Collected data
* * * * *

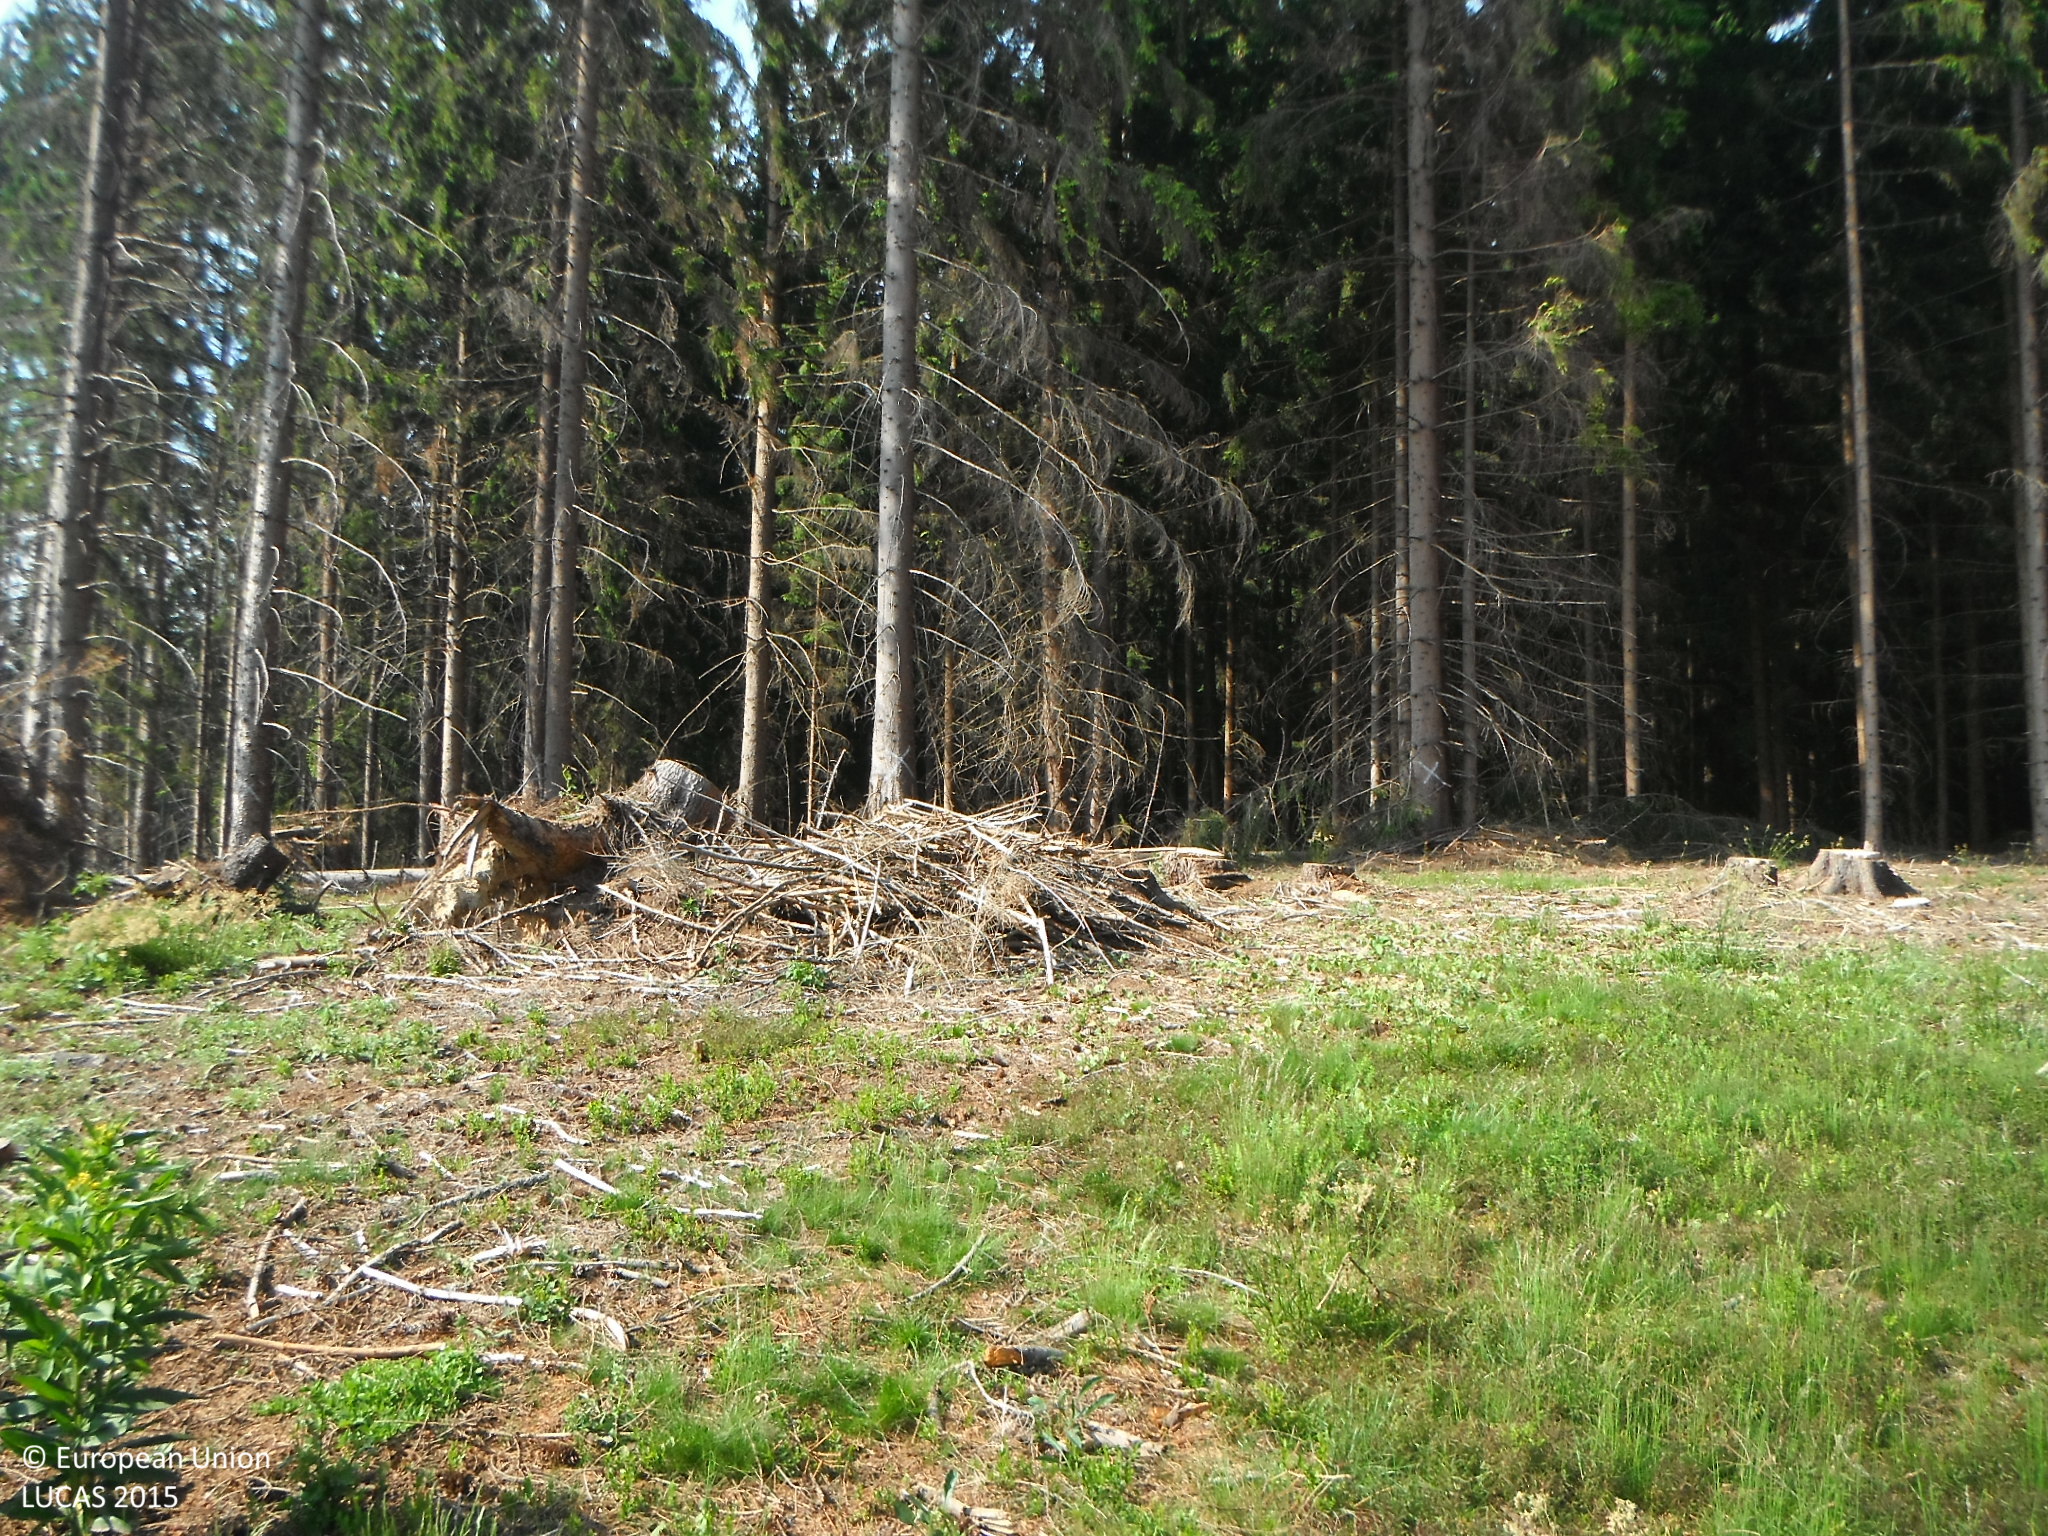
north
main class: Grassland
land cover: Spontaneously vegetated surfaces
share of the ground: > 75 %
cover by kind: herbaceous plants 75 %, unconsolidated bare surface 25 %
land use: Forestry
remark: Clear cut
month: June
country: SK
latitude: 49.0712
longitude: 19.8162
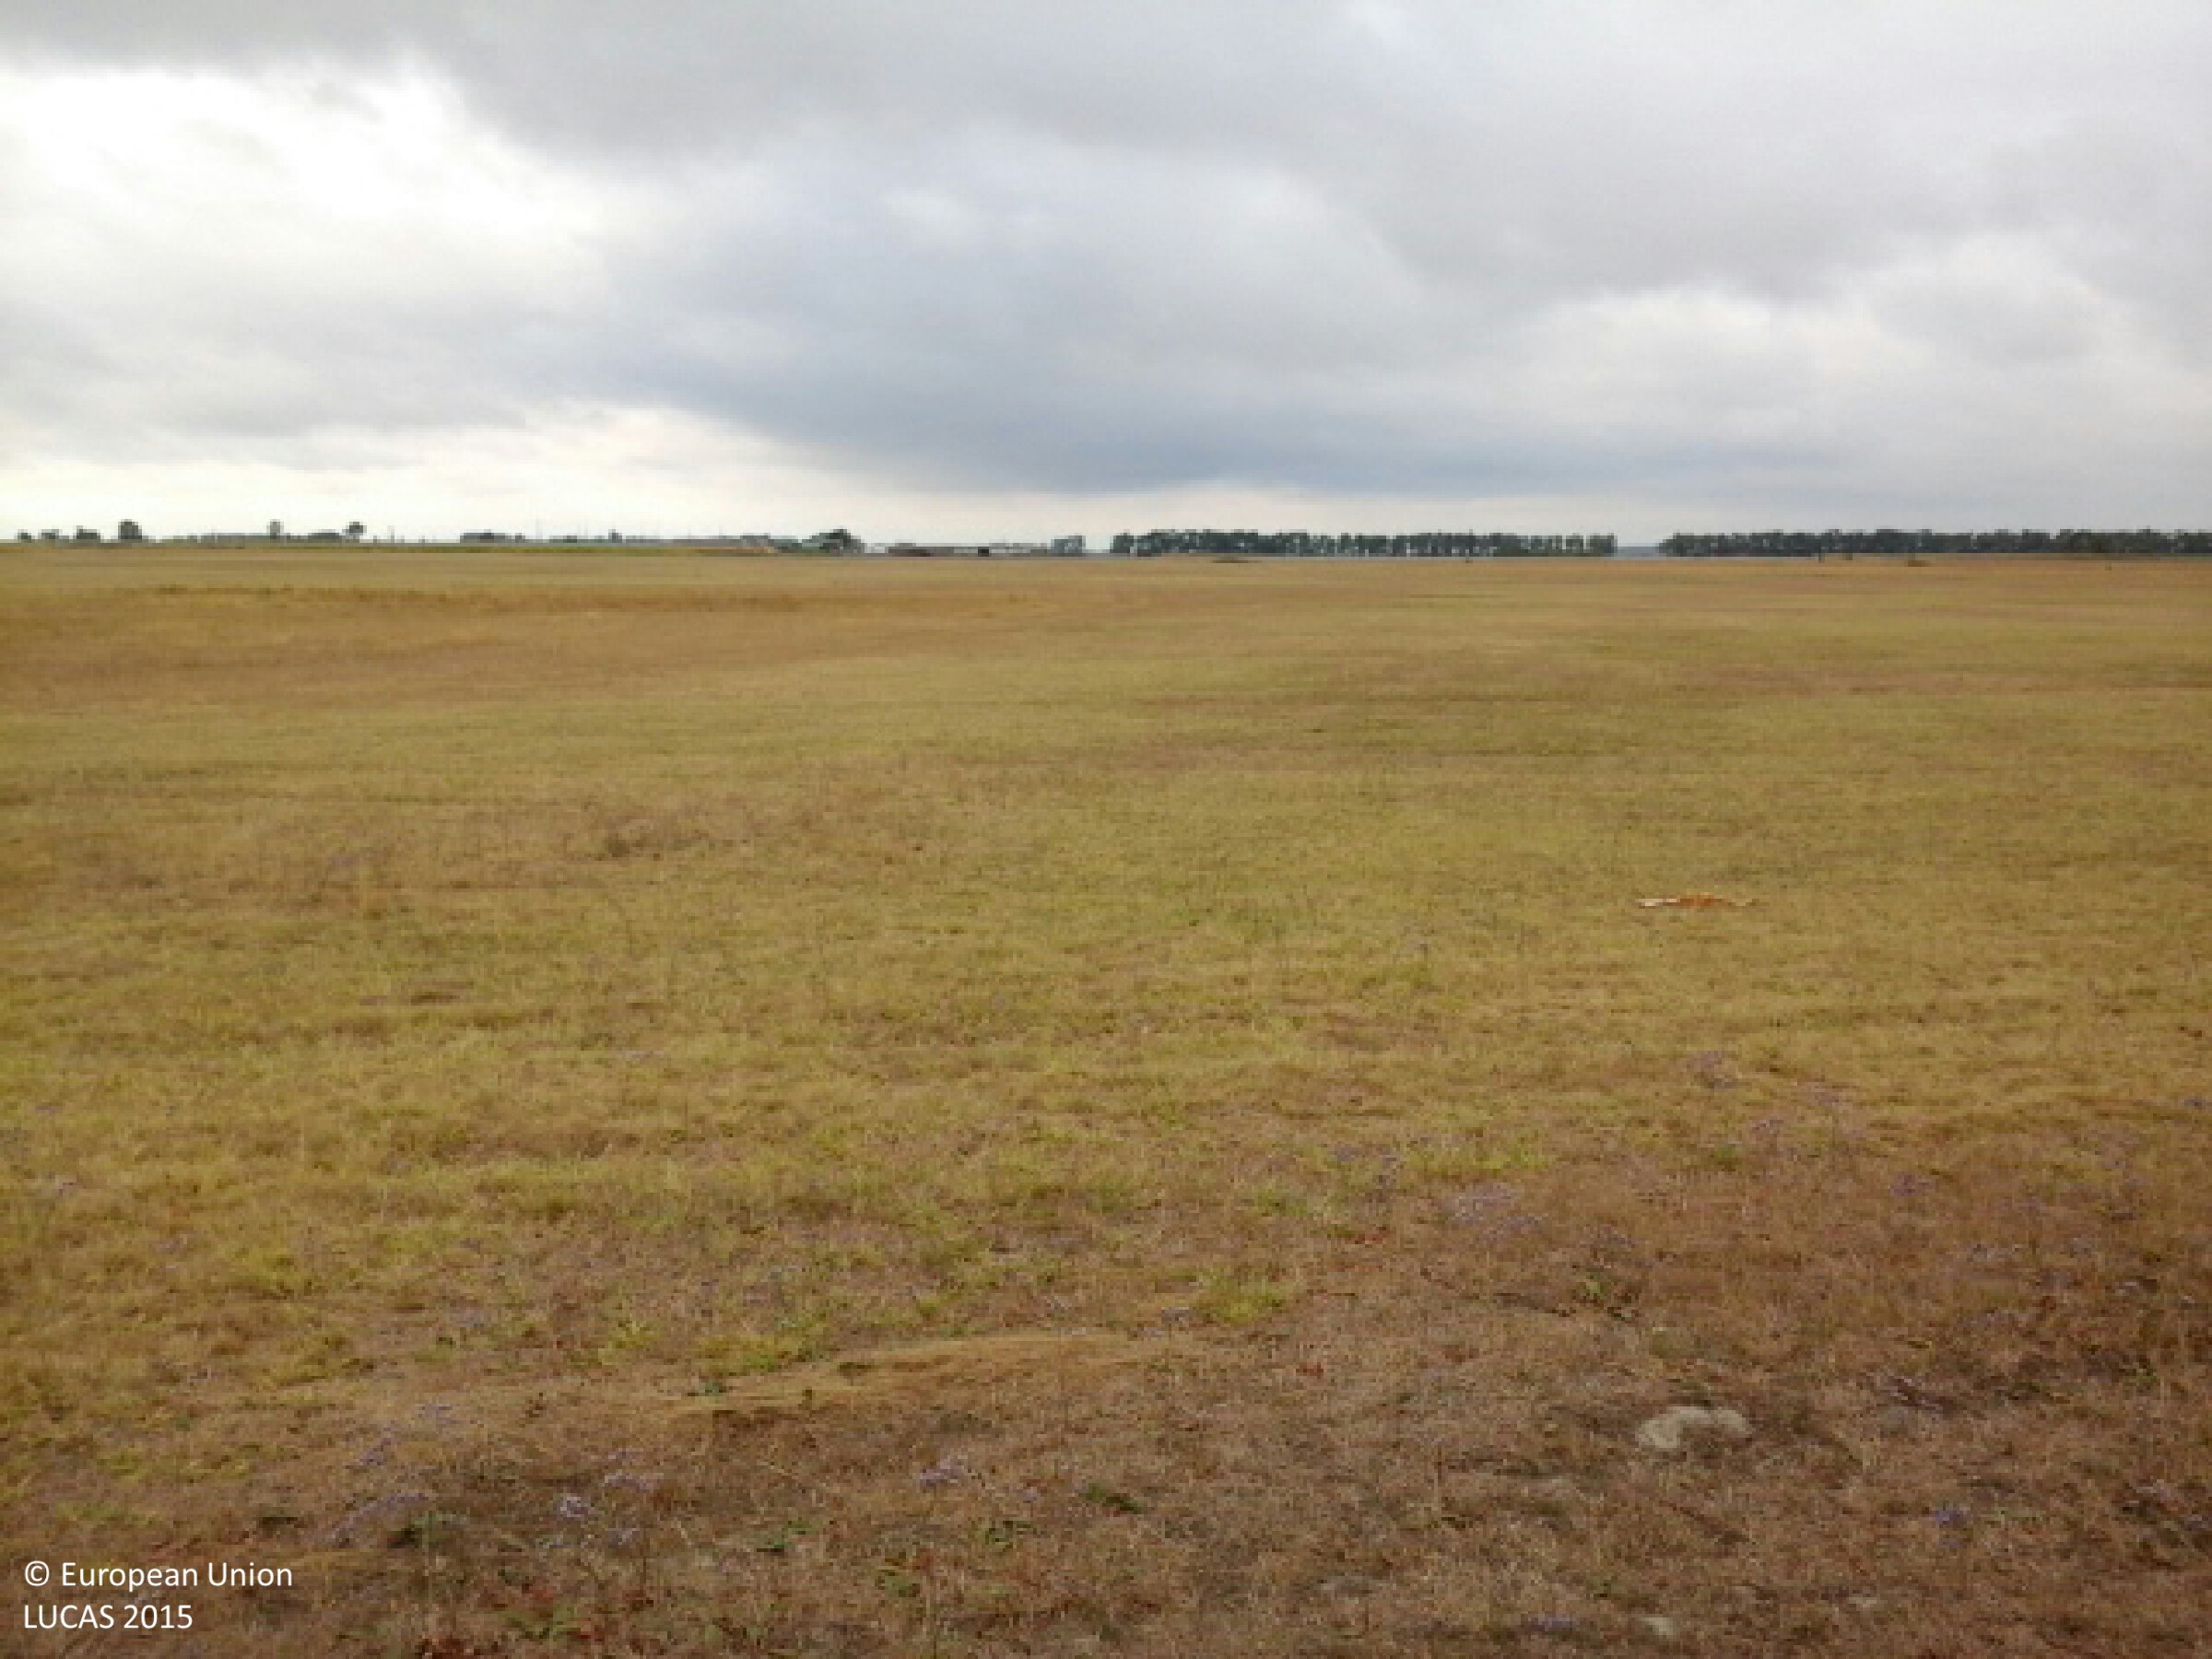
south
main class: Grassland
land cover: Grassland without tree/shrub cover
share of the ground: > 75 %
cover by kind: herbaceous plants 100 %
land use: Agriculture (excluding fallow land and kitchen gardens)
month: August
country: HU
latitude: 47.1412
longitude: 21.5530

* * * * *

• [Directions for this task]:
Copy every entry exactly; drop the pictures.

• [Written answer]:
north
main class: Grassland
land cover: Spontaneously vegetated surfaces
share of the ground: > 75 %
cover by kind: herbaceous plants 75 %, unconsolidated bare surface 25 %
land use: Forestry
remark: Clear cut
month: June
country: SK
latitude: 49.0712
longitude: 19.8162
south
main class: Grassland
land cover: Grassland without tree/shrub cover
share of the ground: > 75 %
cover by kind: herbaceous plants 100 %
land use: Agriculture (excluding fallow land and kitchen gardens)
month: August
country: HU
latitude: 47.1412
longitude: 21.5530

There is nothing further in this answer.